> Problem
For the listing below, the answer is an exact retyping of the lines from the one with "The image shows 38" through the one with "These lines are set", both included, without pictures.

> Records for the exercise
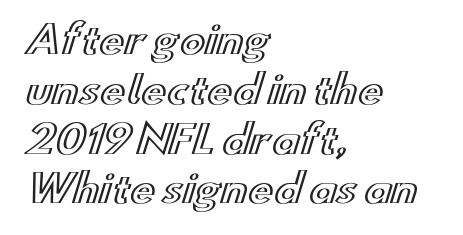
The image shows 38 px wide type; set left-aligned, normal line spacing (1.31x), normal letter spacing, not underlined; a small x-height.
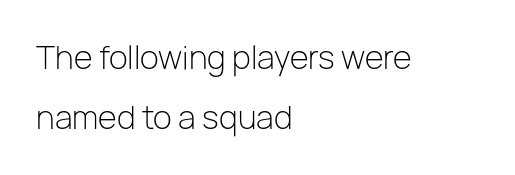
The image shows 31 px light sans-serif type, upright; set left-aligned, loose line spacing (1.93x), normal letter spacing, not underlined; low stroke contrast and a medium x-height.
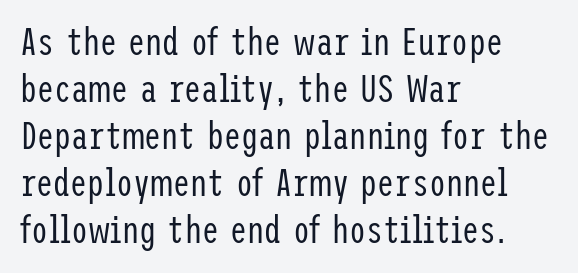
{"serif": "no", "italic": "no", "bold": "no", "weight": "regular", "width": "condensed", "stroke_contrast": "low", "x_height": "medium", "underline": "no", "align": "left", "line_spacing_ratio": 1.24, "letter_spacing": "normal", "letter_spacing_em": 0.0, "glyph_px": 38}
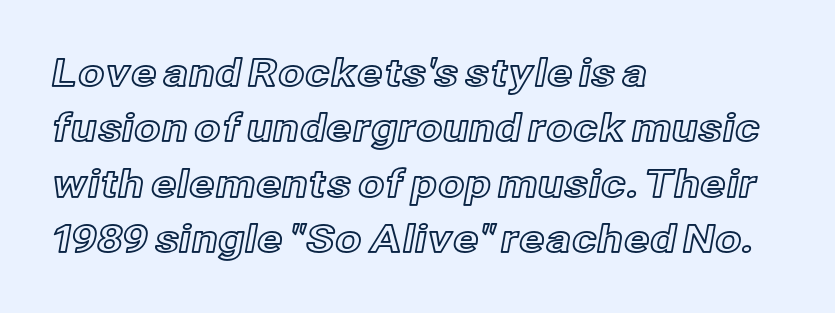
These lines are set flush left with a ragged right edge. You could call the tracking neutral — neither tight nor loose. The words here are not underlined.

==

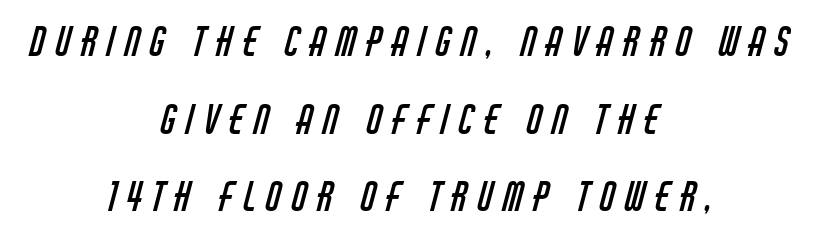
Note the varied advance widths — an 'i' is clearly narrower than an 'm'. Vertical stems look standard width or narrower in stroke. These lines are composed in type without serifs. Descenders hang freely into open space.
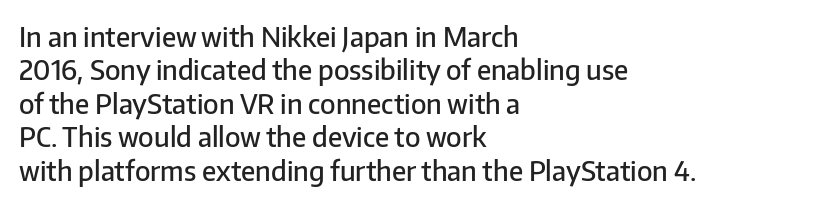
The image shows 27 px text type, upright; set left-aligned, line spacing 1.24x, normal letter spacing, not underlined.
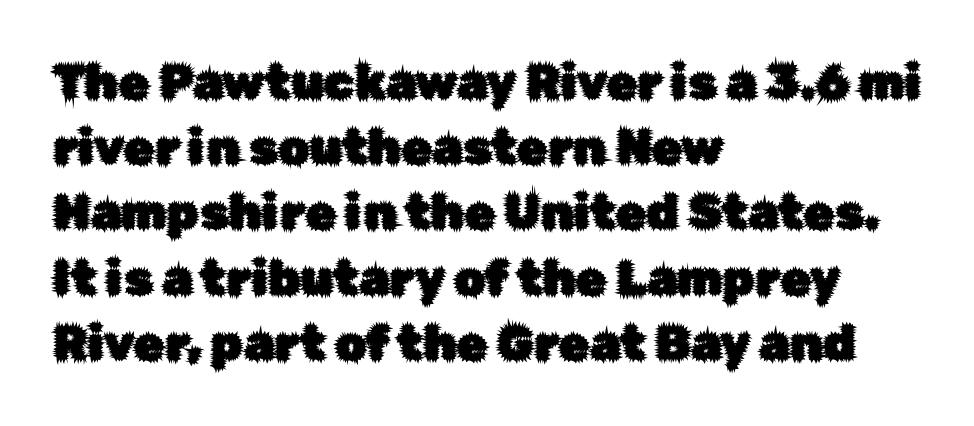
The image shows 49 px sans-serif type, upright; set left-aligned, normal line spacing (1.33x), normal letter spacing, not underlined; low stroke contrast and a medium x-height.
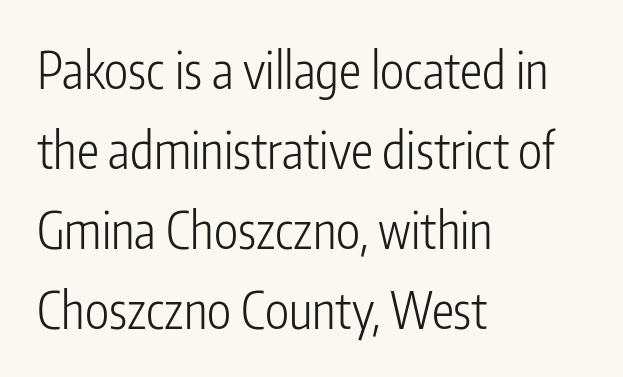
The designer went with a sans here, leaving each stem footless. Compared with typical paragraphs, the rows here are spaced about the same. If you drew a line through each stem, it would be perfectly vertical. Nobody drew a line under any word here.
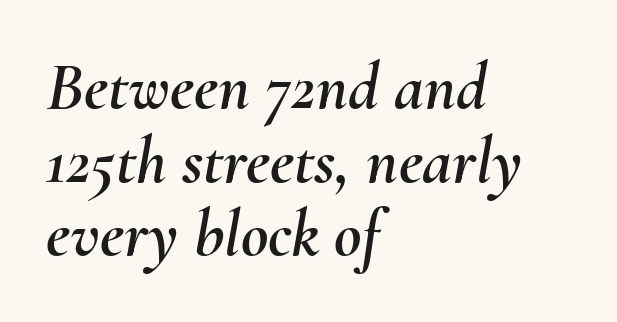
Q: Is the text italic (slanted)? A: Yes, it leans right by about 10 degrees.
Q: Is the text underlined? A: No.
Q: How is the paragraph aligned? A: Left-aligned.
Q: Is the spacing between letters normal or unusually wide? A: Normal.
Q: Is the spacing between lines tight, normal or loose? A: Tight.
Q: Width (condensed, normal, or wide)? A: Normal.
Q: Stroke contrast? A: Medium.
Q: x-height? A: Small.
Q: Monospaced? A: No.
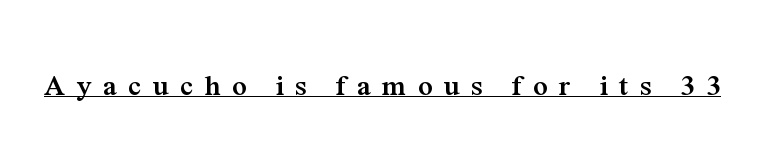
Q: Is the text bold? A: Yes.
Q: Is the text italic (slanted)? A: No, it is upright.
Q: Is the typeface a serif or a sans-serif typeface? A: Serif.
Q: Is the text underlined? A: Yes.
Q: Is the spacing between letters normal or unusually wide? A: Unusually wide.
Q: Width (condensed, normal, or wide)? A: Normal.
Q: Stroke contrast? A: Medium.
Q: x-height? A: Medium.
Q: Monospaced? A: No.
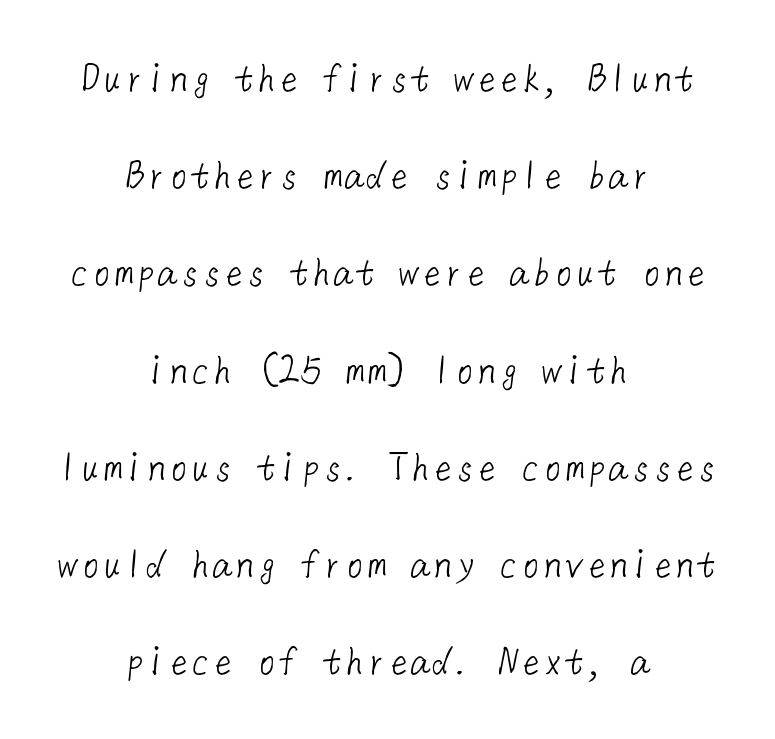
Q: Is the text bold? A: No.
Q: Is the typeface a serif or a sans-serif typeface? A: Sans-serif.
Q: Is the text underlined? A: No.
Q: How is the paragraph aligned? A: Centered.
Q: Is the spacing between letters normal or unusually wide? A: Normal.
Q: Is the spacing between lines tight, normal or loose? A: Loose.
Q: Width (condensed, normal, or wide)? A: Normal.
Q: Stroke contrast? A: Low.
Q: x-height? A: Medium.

---

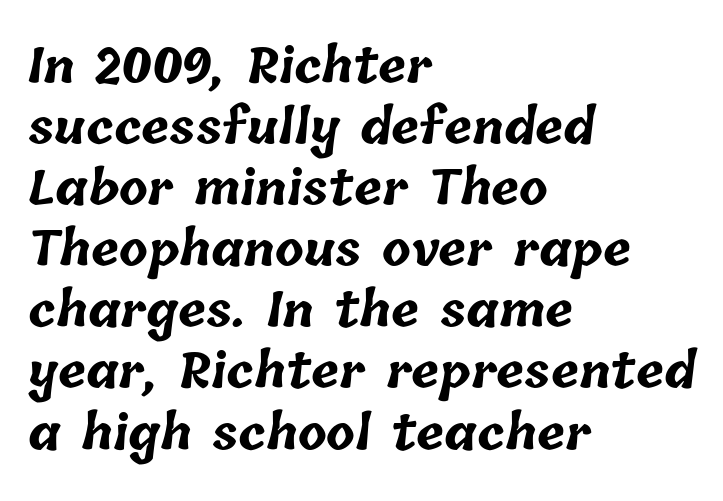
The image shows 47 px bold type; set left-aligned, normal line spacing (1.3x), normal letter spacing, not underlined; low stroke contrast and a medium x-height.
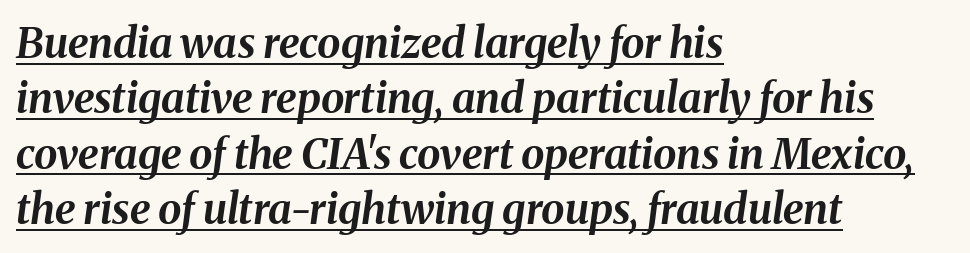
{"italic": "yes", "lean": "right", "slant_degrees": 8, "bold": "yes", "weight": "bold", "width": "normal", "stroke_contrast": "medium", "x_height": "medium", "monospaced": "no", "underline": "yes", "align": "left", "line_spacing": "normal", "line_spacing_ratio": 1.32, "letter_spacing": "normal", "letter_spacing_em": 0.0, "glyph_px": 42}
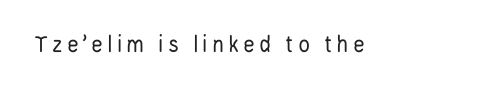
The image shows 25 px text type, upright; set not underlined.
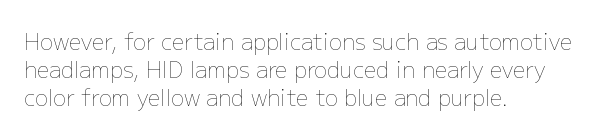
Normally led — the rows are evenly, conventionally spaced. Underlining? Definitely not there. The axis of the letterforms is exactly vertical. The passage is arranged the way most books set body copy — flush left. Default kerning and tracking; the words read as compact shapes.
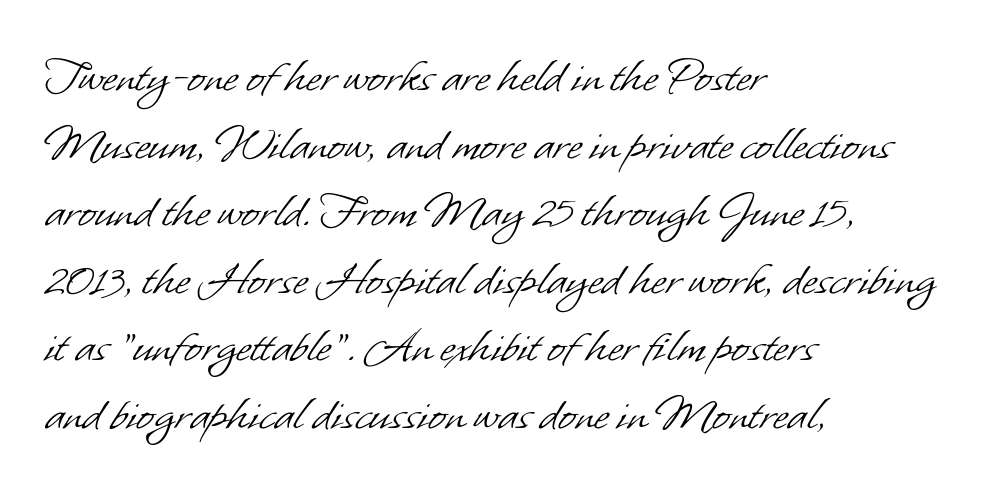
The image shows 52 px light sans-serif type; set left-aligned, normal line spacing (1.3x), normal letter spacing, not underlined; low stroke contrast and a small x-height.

> Problem solution
The image shows 38 px wide type; set left-aligned, normal line spacing (1.31x), normal letter spacing, not underlined; a small x-height.
The image shows 31 px light sans-serif type, upright; set left-aligned, loose line spacing (1.93x), normal letter spacing, not underlined; low stroke contrast and a medium x-height.
{"serif": "no", "italic": "no", "bold": "no", "weight": "regular", "width": "condensed", "stroke_contrast": "low", "x_height": "medium", "underline": "no", "align": "left", "line_spacing_ratio": 1.24, "letter_spacing": "normal", "letter_spacing_em": 0.0, "glyph_px": 38}
These lines are set flush left with a ragged right edge. You could call the tracking neutral — neither tight nor loose. The words here are not underlined.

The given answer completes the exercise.